What is expected
When transcribing the entries, keep each one exactly as it is.

***

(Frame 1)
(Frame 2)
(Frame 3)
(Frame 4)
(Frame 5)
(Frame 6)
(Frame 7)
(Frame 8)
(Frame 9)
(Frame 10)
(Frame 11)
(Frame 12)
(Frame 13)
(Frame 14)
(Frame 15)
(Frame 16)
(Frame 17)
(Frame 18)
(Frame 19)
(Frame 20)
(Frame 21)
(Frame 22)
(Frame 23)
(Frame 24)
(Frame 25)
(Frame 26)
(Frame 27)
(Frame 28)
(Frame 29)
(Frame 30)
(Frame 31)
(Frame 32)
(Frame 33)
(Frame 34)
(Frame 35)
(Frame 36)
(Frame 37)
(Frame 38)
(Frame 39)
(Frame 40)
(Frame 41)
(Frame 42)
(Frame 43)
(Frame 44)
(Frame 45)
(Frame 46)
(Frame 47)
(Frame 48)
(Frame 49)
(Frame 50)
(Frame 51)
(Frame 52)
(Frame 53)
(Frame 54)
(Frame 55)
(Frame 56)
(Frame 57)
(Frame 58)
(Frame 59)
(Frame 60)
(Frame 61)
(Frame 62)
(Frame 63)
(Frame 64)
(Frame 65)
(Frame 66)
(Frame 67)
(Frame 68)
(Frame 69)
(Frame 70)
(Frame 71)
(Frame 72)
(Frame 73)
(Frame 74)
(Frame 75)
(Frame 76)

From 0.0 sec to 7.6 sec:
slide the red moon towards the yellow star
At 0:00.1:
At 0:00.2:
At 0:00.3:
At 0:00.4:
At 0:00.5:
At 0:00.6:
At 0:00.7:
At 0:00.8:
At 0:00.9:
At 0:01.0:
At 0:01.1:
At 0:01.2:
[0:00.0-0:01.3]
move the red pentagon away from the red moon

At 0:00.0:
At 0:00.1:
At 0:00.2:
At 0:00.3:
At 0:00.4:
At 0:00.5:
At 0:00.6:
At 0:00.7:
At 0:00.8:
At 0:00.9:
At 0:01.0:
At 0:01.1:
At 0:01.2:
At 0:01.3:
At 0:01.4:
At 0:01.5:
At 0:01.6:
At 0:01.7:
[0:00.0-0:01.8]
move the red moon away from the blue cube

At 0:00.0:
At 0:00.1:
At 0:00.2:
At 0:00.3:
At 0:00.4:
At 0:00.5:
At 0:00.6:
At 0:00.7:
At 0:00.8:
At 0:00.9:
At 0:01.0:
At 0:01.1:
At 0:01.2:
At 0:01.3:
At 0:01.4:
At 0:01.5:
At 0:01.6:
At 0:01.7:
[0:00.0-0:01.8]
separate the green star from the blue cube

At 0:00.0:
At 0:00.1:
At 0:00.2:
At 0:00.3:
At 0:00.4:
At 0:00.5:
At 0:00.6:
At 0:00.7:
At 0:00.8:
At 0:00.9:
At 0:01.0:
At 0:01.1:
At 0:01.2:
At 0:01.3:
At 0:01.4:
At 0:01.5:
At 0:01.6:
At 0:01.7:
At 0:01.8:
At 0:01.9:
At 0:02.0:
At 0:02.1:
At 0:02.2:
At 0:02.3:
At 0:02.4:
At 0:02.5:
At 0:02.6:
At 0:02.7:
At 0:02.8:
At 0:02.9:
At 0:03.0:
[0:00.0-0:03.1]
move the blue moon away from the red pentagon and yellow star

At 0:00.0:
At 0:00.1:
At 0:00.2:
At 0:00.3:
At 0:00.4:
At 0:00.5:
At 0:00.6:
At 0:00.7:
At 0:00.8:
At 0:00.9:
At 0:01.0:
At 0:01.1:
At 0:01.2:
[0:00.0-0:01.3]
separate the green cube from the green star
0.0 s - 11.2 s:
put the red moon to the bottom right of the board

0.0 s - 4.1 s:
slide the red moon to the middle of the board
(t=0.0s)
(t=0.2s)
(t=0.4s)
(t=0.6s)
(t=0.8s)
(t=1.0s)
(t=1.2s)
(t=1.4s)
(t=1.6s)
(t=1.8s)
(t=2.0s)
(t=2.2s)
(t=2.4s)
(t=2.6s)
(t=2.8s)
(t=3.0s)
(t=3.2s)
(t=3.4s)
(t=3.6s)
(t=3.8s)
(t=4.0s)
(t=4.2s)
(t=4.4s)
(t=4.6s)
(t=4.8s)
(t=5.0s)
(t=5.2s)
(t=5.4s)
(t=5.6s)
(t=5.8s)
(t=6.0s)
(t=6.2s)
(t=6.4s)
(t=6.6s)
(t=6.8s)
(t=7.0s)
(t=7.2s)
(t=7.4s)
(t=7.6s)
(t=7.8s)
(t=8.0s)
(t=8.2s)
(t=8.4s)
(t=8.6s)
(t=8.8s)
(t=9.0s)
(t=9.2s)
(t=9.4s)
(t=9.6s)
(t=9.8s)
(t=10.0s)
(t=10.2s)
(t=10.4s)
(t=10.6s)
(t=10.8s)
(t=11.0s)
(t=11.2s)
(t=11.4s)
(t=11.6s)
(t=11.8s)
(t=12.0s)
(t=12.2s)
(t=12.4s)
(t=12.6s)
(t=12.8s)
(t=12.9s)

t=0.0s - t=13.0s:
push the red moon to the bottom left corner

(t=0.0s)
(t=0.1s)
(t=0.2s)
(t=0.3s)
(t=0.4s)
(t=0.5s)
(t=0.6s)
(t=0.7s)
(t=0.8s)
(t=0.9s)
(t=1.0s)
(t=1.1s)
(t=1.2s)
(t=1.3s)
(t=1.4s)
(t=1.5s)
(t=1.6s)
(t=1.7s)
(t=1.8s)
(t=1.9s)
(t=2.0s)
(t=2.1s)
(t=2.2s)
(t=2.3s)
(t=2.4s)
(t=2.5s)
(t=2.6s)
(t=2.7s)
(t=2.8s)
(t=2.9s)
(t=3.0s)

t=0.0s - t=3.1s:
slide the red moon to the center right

***

Solved exercise
(Frame 1)
(Frame 2)
(Frame 3)
(Frame 4)
(Frame 5)
(Frame 6)
(Frame 7)
(Frame 8)
(Frame 9)
(Frame 10)
(Frame 11)
(Frame 12)
(Frame 13)
(Frame 14)
(Frame 15)
(Frame 16)
(Frame 17)
(Frame 18)
(Frame 19)
(Frame 20)
(Frame 21)
(Frame 22)
(Frame 23)
(Frame 24)
(Frame 25)
(Frame 26)
(Frame 27)
(Frame 28)
(Frame 29)
(Frame 30)
(Frame 31)
(Frame 32)
(Frame 33)
(Frame 34)
(Frame 35)
(Frame 36)
(Frame 37)
(Frame 38)
(Frame 39)
(Frame 40)
(Frame 41)
(Frame 42)
(Frame 43)
(Frame 44)
(Frame 45)
(Frame 46)
(Frame 47)
(Frame 48)
(Frame 49)
(Frame 50)
(Frame 51)
(Frame 52)
(Frame 53)
(Frame 54)
(Frame 55)
(Frame 56)
(Frame 57)
(Frame 58)
(Frame 59)
(Frame 60)
(Frame 61)
(Frame 62)
(Frame 63)
(Frame 64)
(Frame 65)
(Frame 66)
(Frame 67)
(Frame 68)
(Frame 69)
(Frame 70)
(Frame 71)
(Frame 72)
(Frame 73)
(Frame 74)
(Frame 75)
(Frame 76)

From 0.0 sec to 7.6 sec:
slide the red moon towards the yellow star
At 0:00.1:
At 0:00.2:
At 0:00.3:
At 0:00.4:
At 0:00.5:
At 0:00.6:
At 0:00.7:
At 0:00.8:
At 0:00.9:
At 0:01.0:
At 0:01.1:
At 0:01.2:
[0:00.0-0:01.3]
move the red pentagon away from the red moon

At 0:00.0:
At 0:00.1:
At 0:00.2:
At 0:00.3:
At 0:00.4:
At 0:00.5:
At 0:00.6:
At 0:00.7:
At 0:00.8:
At 0:00.9:
At 0:01.0:
At 0:01.1:
At 0:01.2:
At 0:01.3:
At 0:01.4:
At 0:01.5:
At 0:01.6:
At 0:01.7:
[0:00.0-0:01.8]
move the red moon away from the blue cube

At 0:00.0:
At 0:00.1:
At 0:00.2:
At 0:00.3:
At 0:00.4:
At 0:00.5:
At 0:00.6:
At 0:00.7:
At 0:00.8:
At 0:00.9:
At 0:01.0:
At 0:01.1:
At 0:01.2:
At 0:01.3:
At 0:01.4:
At 0:01.5:
At 0:01.6:
At 0:01.7:
[0:00.0-0:01.8]
separate the green star from the blue cube

At 0:00.0:
At 0:00.1:
At 0:00.2:
At 0:00.3:
At 0:00.4:
At 0:00.5:
At 0:00.6:
At 0:00.7:
At 0:00.8:
At 0:00.9:
At 0:01.0:
At 0:01.1:
At 0:01.2:
At 0:01.3:
At 0:01.4:
At 0:01.5:
At 0:01.6:
At 0:01.7:
At 0:01.8:
At 0:01.9:
At 0:02.0:
At 0:02.1:
At 0:02.2:
At 0:02.3:
At 0:02.4:
At 0:02.5:
At 0:02.6:
At 0:02.7:
At 0:02.8:
At 0:02.9:
At 0:03.0:
[0:00.0-0:03.1]
move the blue moon away from the red pentagon and yellow star

At 0:00.0:
At 0:00.1:
At 0:00.2:
At 0:00.3:
At 0:00.4:
At 0:00.5:
At 0:00.6:
At 0:00.7:
At 0:00.8:
At 0:00.9:
At 0:01.0:
At 0:01.1:
At 0:01.2:
[0:00.0-0:01.3]
separate the green cube from the green star
0.0 s - 11.2 s:
put the red moon to the bottom right of the board

0.0 s - 4.1 s:
slide the red moon to the middle of the board
(t=0.0s)
(t=0.2s)
(t=0.4s)
(t=0.6s)
(t=0.8s)
(t=1.0s)
(t=1.2s)
(t=1.4s)
(t=1.6s)
(t=1.8s)
(t=2.0s)
(t=2.2s)
(t=2.4s)
(t=2.6s)
(t=2.8s)
(t=3.0s)
(t=3.2s)
(t=3.4s)
(t=3.6s)
(t=3.8s)
(t=4.0s)
(t=4.2s)
(t=4.4s)
(t=4.6s)
(t=4.8s)
(t=5.0s)
(t=5.2s)
(t=5.4s)
(t=5.6s)
(t=5.8s)
(t=6.0s)
(t=6.2s)
(t=6.4s)
(t=6.6s)
(t=6.8s)
(t=7.0s)
(t=7.2s)
(t=7.4s)
(t=7.6s)
(t=7.8s)
(t=8.0s)
(t=8.2s)
(t=8.4s)
(t=8.6s)
(t=8.8s)
(t=9.0s)
(t=9.2s)
(t=9.4s)
(t=9.6s)
(t=9.8s)
(t=10.0s)
(t=10.2s)
(t=10.4s)
(t=10.6s)
(t=10.8s)
(t=11.0s)
(t=11.2s)
(t=11.4s)
(t=11.6s)
(t=11.8s)
(t=12.0s)
(t=12.2s)
(t=12.4s)
(t=12.6s)
(t=12.8s)
(t=12.9s)

t=0.0s - t=13.0s:
push the red moon to the bottom left corner

(t=0.0s)
(t=0.1s)
(t=0.2s)
(t=0.3s)
(t=0.4s)
(t=0.5s)
(t=0.6s)
(t=0.7s)
(t=0.8s)
(t=0.9s)
(t=1.0s)
(t=1.1s)
(t=1.2s)
(t=1.3s)
(t=1.4s)
(t=1.5s)
(t=1.6s)
(t=1.7s)
(t=1.8s)
(t=1.9s)
(t=2.0s)
(t=2.1s)
(t=2.2s)
(t=2.3s)
(t=2.4s)
(t=2.5s)
(t=2.6s)
(t=2.7s)
(t=2.8s)
(t=2.9s)
(t=3.0s)

t=0.0s - t=3.1s:
slide the red moon to the center right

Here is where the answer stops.